So this past Saturday night I was kindly asked by Tavis Allison (of MuleAbides, Adventurer-Conqueror-King-System, Kickstarter-extraordinaire fame) to participate in a sneak-preview playtest of James Maliszewski's Dwimmermount megadungeon setting at a local gaming venue. What an opportunity! Rarely do I get to sit in the player's seat, and man did I need a break from furiously writing math lecture notes all day and night the past few weeks.
Tavis may have more courage than I do, because he had something of an open call out to players, and once we had dinner, piled into the Brooklyn Strategist, and set up to play around the custom gaming table there, he had no less than nine players ready for the session. Sadly I don't think I caught everyone's name, but among the players nearest to me were Pete, Miguel, Ben, and Eric. Paul Hughes was there (the creative force behind the mind-bending dungeon-map-random-dungeon-generator poster, currently on Kickstarter). And so was Stefan Pokorny, master sculptor and founder of Dwarven Forge, who provided an eye-popping array of miniature terrain to play with. And we were all here to pillage Dwimmermount. Now that's a game!
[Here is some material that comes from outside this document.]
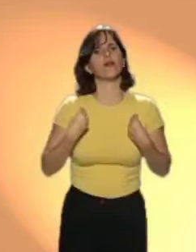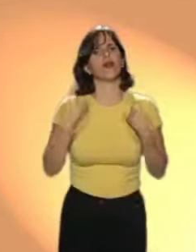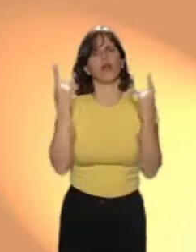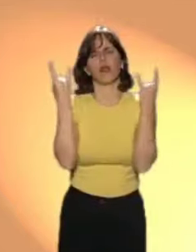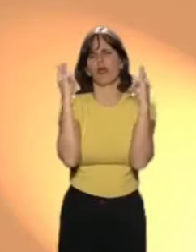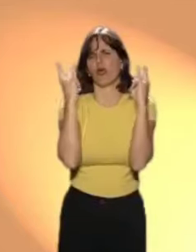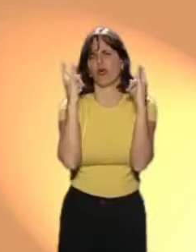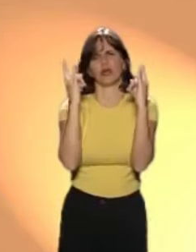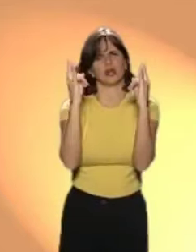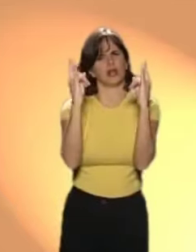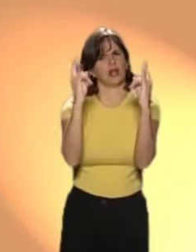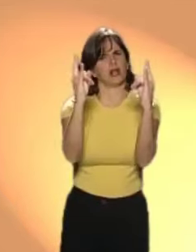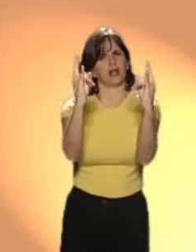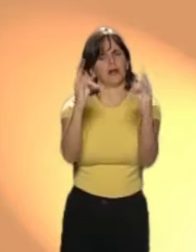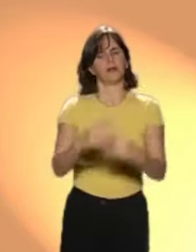Ellos vivían en el bosque.
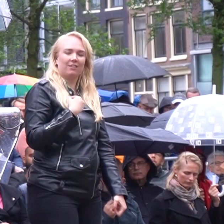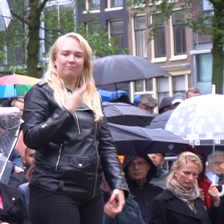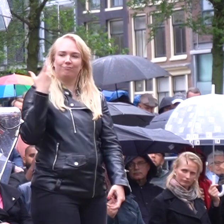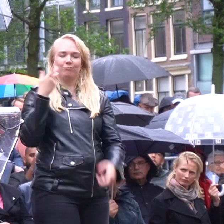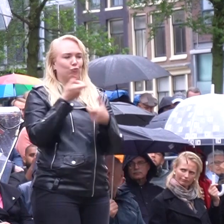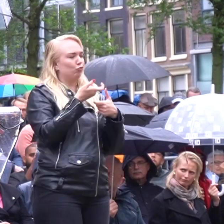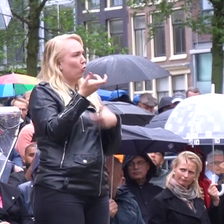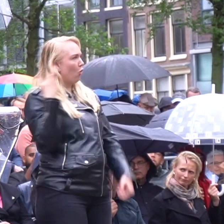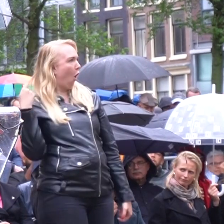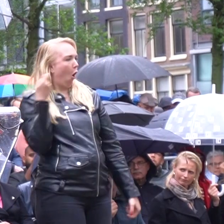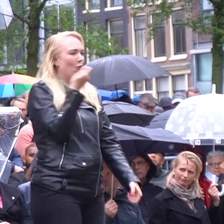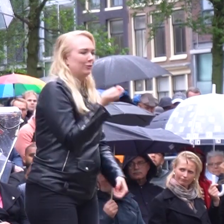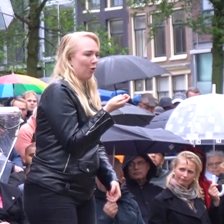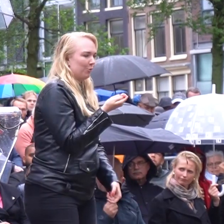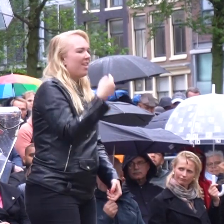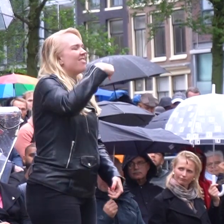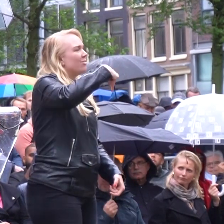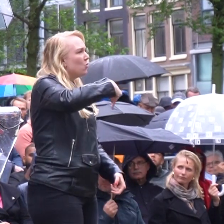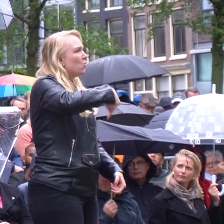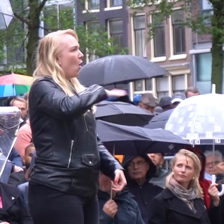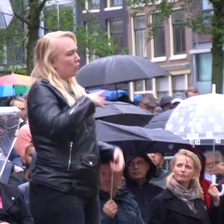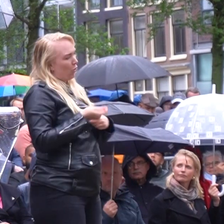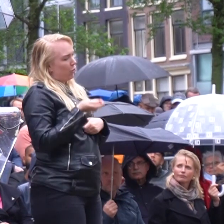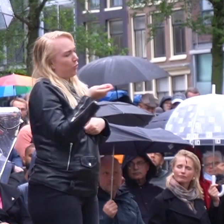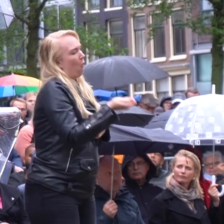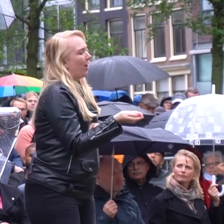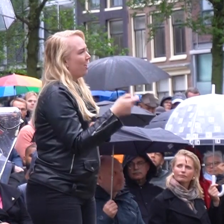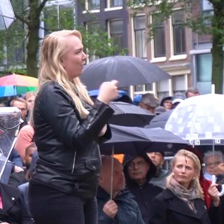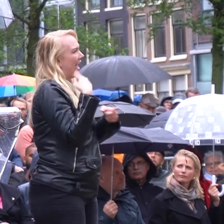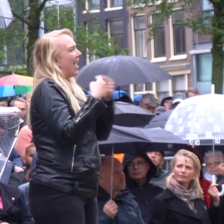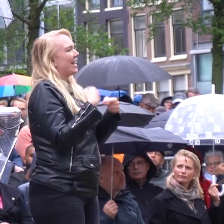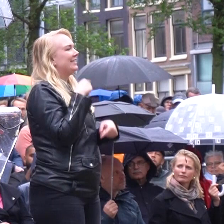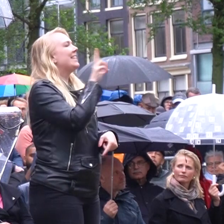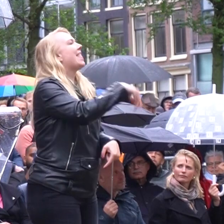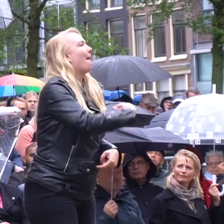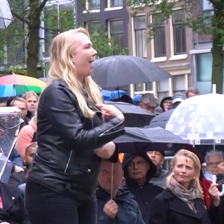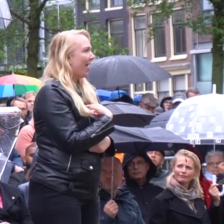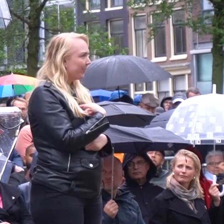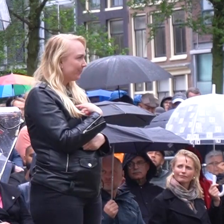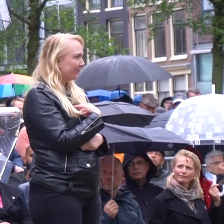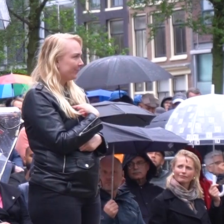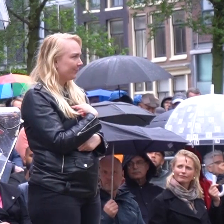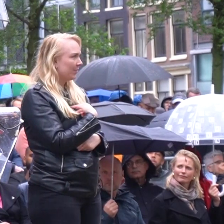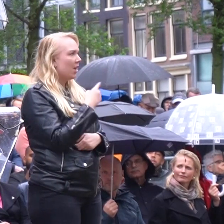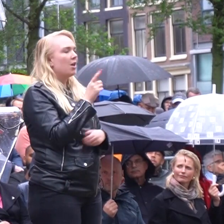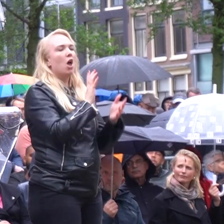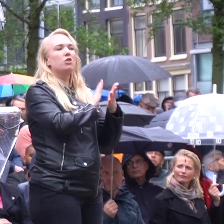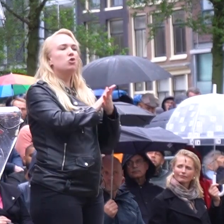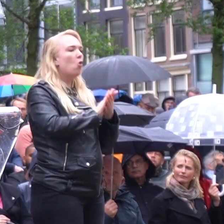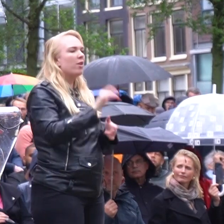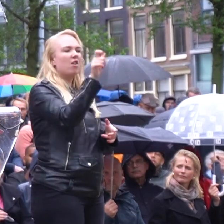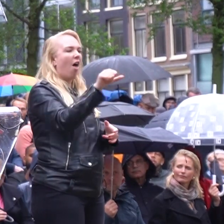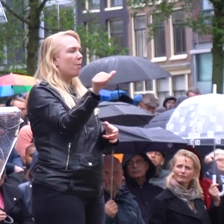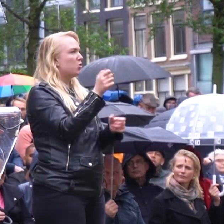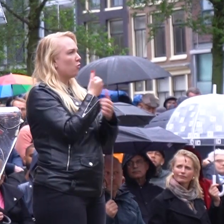van ze over om ooit op deze dag deze door te geven aan de generaties die na mij komen. Laat nooit iemand jouw vrijheid

Tavis was pretty generous with how characters were procured, rolled, or flat-out stolen from someone else. On a whim I'd brought my little sheet for a 2nd-level dwarven fighter named Garrick, who previously saw action in a Google+ game run by my gaming-expert friend Paul. Since most PC's were being generated at 4th level, about the first thing that Tavis said to me was, "You can have 4 henchmen, does that appeal to you?" Does it!? (I'm semi-infamous for gleefully playing multiple characters. Here I would get to play a whole crew of 5 dwarven plate-armored fighters. This was a very good sign.) With similar rulings around the table, we had a total of eighteen characters assembled and marching up to Dwimmermount.
On the slopes outside the dungeon entrance, we were trying to negotiate our way over a treacherous rockfall, when part of the cliff above us fell away and we found ourselves facing several frickin' gorgons in a newly-revealed cave. After some not-very-effectual missile fire (and my dwarves not having any long-range weapons at all), some clever soul hooked onto the crumbly cliff face with a grappling hook and brought it down on top of the cave entrance -- which was then locked in place with a web spell. Thus saved, we continued to the entrance and into the dungeon.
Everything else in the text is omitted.